Phakomatous choristoma is a rare lesion that generally occurs on or near the eyelid and is often mistaken as a cyst or other type of lesion (or tumor). The lesion is usually congenital, which means that it is present at birth, though it may not be apparent until shortly after birth. Phakomatous choristoma is also known as Zimmerman’s tumor, named for the first person who described it in 1971. The tumor is benign, meaning that it does not lead to cancer, and according to the Diagnostic Atlas of Common Eye Diseases it is more common among males.
Causes of phakomatous choristoma
The origin of the cells that contribute to the growth was suspected, based on microscopic investigations, to be the lens since the lesion's discovery. Histological studies, such as that carried out by Lee et al. in 2004 (published in Ophthalmology), have found that the tumor expresses lens-specific proteins, including crystalline, confirming the suspicions about its origin. Lee at al. also identified that it is a lens fiber tumor, rather than a lens epithelium tumor, though more recent reports refer to the bladder cell-like appearance of swollen epithelial cells in the mass.

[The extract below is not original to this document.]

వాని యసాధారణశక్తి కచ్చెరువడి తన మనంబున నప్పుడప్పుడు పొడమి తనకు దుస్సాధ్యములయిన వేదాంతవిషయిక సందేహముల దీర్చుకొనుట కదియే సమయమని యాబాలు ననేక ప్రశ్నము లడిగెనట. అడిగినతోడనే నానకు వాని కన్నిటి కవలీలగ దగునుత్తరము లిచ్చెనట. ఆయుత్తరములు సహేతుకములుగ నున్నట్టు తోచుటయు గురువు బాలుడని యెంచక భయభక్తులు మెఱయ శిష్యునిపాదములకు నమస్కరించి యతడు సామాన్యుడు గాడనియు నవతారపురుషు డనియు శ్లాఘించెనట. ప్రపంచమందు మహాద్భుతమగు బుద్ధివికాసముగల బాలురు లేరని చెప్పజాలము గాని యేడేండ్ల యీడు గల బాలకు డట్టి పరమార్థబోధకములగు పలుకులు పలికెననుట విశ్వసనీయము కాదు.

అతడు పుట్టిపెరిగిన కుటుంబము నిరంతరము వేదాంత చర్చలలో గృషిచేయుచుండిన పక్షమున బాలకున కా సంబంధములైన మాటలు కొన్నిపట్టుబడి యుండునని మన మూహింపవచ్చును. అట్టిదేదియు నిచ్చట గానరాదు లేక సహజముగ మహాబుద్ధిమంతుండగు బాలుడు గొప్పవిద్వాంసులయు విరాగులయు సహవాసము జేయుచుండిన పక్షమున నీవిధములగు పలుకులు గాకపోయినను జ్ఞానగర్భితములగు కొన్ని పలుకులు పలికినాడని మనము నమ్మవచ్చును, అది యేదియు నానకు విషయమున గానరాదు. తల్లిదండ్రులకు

It is thought that fibrous stromal cells from the lens proliferate, enlarging to create the mass. The origin of the cells outside the lens is due to some of the lens cells migrating to the eyelid or surrounding structures, such as the ocular orbit, during embryonic development, which may be the underlying cause of their inappropriate growth and proliferation.
Treatment of phakomatous choristoma
When a Zimmerman’s tumor is present, doctors use imaging to determine the boundaries of the lesion, and then it is surgically removed. Histology and immunochemistry can then be performed to confirm the diagnosis. Because this is such a rare tumor, with approximately 20 cases reported in the literature according to Benshek and Leatherbarrow in their 2005 comment to the British Journal of Ophthalmology, there is no established guideline for the diagnosis or treatment of the lesion. However, a phakomatous choristoma generally appears as a firm or rubbery subcutaneous mass in the lower eyelid. However, a few cases of the lesion occurring in the eye socket or obstructing the lacrimal-nasal duct have been reported.

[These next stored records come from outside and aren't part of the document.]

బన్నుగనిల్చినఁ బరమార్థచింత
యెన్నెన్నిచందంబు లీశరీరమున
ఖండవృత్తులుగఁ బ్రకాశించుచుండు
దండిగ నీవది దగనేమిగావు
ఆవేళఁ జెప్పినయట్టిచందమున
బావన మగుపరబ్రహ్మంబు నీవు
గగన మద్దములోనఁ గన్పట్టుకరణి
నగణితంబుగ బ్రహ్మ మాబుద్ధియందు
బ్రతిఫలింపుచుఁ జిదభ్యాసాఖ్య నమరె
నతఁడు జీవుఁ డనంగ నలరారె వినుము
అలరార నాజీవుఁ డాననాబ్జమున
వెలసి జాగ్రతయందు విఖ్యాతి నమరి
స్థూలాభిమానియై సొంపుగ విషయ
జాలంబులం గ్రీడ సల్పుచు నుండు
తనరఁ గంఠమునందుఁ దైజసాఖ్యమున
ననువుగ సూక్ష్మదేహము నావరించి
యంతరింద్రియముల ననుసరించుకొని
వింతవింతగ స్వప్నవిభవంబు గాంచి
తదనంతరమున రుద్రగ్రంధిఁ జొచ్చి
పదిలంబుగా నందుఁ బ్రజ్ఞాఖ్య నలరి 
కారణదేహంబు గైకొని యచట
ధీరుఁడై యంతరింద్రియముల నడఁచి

The lesion is generally not associated with complications after removal as long as the surgery is conservative and avoids damage to the lacrimal ducts. Benshak and Leatherbarrow were the first to report other eye conditions in the presence of a phakomatous choristoma. They suspect that the etiology of the lesion, that is, at what point in development and why exactly it formed, determines whether additional cases will present with similar problems.
Prognosis of Zimmerman’s tumor
This rare lesion is not well studied because of its infrequent occurrence, but the cases reported to date have had good prognoses and outcomes. The lesion is surgically removed mainly for diagnostic purposes, and very few associated complications have been reported. Because the mass is caused by inappropriate migration and proliferation of lens cells during development, the tumor cannot be prevented, but it is easily treated once its appearance is recognized.